BLUZZ, demikian biasa dirinya di sapa orang. Saya pun memanggilnya demikian. Entah apa arti nama itu, saya tak pernah mencoba bertanya. Ia pribadi yang santuy. Hidup yang dijalaninya seolah tak memiliki beban. Setiap masalah yang menerjang, di hadapinya dengan sikap santai.
Hari-hari yang dilaluinya seolah semuanya biasa-biasa saja. Walaupun menjadi staf di salah satu sekolah kejuruan di selatan kabupaten dan  membuka pengetikan sebagai tambahan penghasilan, tak membuatnya kelihatan sibuk. Pekerjaan tidak harus membuatnya mengernyitkan dahi, lalu menumpahkan amarah ke langit.
Cibiran orang. Cacian pembenci. Hinaan semesta yang datang silih berganti. Dilaluinya dengan santai dan kepala tegak. Baginya hidup serupa air laut yang ada pasang dan surutnya. Karena ada waktu dimana dirinya di puji setinggi langit. Mengawang di awan-awan, lalu mengangkasa ke udara. Mengukur langit. Ada pula saatnya dihinakan. Semesta berpaling, kemudian menghujam decak jantung yang normal.
Baginya pantai adalah tempat favoritnya bersantai. Tidak harus banyak orang. Atau ada yang datang menemani. Ia kadang sendiri dan bahkan lebih nyaman menyendiri. Di pantai, ia bisa menyaksikan lembayung senja yang manja, pasir putih serupa tepung, hempasan angin laut yang mendamaikan dan bisa menitipkan pesan kala mega-mega menyambut malam.

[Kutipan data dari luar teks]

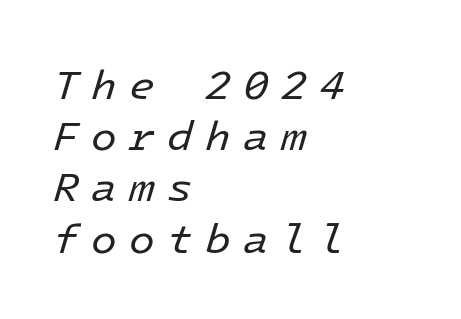
The image shows 42 px regular-weight type, italic (leaning right); set left-aligned, line spacing 1.22x, unusually wide letter spacing (+0.29 em), not underlined; low stroke contrast and a medium x-height.

"Pantai Situs penuh dengan keindahan pasir putih, deburan ombak yang begitu dinikmati karena keindahan senja itu membuat mata dan hati tenang untuk menikmatinya" Ucapnya mengagumi, Selasa, 31 Agustus 2021, pukul 17:00 WITA
Terlihat dirinya menyeruput kopi hitam yang tersaji di atas meja. Saya pun tanpa izin memotretnya diam-diam. Walaupun setelah itu, saya memperlihatkan hasilnya kepadanya. Ia hanya mengangguk tanda setuju. Ketika saya mengatakan akan dimasukan menjadi sampul tulisan di media Kompasiana. Wajahnya terlihat sumringah. Seperti sapuan lembayung senja di sore ini. Cerah merekah.

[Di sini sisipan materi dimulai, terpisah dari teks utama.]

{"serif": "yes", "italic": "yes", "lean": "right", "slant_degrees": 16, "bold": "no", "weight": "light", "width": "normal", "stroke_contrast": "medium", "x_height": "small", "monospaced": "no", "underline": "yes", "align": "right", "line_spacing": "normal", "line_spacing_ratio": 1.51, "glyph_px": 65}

Berharap kelak bersemai kisah dalam senja yang selalu setia menemani. Karena hari ini. Di sini, hanya mampu menaruh harap kepada pemilik semesta agar semua mewujud menjadi nyata.
Salahkah saya menaruh harap kepada pemilik semesta? Kalau tidak, ternyata kita sama-sama ciptaan ilahi yang selalu bersandar pada kuasanya.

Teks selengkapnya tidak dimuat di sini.